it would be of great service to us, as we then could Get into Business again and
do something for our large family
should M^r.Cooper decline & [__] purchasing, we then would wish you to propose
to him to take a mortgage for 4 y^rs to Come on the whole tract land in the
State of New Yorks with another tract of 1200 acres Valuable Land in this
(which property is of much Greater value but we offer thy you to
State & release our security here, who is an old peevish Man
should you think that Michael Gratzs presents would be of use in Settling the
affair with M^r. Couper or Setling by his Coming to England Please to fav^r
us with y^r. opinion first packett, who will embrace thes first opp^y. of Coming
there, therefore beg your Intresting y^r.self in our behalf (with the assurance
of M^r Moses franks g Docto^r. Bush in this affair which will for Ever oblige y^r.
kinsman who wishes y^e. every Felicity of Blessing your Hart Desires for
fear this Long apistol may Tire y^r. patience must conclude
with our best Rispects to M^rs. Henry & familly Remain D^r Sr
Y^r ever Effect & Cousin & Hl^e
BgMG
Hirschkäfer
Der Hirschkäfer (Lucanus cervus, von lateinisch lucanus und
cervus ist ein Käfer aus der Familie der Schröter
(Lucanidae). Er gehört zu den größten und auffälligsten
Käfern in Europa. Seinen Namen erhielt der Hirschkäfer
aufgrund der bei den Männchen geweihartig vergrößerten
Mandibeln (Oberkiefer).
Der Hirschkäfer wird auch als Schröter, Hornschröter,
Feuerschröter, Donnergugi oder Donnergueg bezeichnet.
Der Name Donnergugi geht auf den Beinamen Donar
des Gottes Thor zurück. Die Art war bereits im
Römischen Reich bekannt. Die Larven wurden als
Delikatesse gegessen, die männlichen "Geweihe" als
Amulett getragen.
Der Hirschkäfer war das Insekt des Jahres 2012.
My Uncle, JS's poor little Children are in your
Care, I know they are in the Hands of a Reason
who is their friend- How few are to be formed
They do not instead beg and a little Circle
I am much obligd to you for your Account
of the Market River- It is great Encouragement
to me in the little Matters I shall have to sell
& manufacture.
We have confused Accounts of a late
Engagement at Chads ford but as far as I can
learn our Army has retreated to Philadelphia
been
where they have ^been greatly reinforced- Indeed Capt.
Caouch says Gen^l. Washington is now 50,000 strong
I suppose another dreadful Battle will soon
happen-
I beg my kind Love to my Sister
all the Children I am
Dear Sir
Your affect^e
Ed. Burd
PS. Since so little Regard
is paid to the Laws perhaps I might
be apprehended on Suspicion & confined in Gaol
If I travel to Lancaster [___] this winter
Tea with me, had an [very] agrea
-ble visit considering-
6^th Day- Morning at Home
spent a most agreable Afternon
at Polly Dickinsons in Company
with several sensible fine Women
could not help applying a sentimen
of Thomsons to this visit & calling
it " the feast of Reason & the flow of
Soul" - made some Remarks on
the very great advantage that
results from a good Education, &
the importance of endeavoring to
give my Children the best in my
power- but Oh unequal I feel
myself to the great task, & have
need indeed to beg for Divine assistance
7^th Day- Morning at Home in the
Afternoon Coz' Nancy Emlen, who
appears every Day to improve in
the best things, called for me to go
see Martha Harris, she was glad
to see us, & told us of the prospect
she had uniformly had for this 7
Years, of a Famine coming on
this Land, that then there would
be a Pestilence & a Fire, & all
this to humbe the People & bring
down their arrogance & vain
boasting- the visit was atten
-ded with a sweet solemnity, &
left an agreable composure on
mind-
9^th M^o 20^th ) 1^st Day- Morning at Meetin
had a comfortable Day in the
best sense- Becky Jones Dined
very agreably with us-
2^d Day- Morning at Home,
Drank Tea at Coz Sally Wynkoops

**********

_Task objective_:
Taking the entries above, write out exactly each line from the one holding "could not help applying a sentimen" to the one holding "appears every Day to improve in", both included, and stop there.

_Answer area_:
could not help applying a sentimen
of Thomsons to this visit & calling
it " the feast of Reason & the flow of
Soul" - made some Remarks on
the very great advantage that
results from a good Education, &
the importance of endeavoring to
give my Children the best in my
power- but Oh unequal I feel
myself to the great task, & have
need indeed to beg for Divine assistance
7^th Day- Morning at Home in the
Afternoon Coz' Nancy Emlen, who
appears every Day to improve in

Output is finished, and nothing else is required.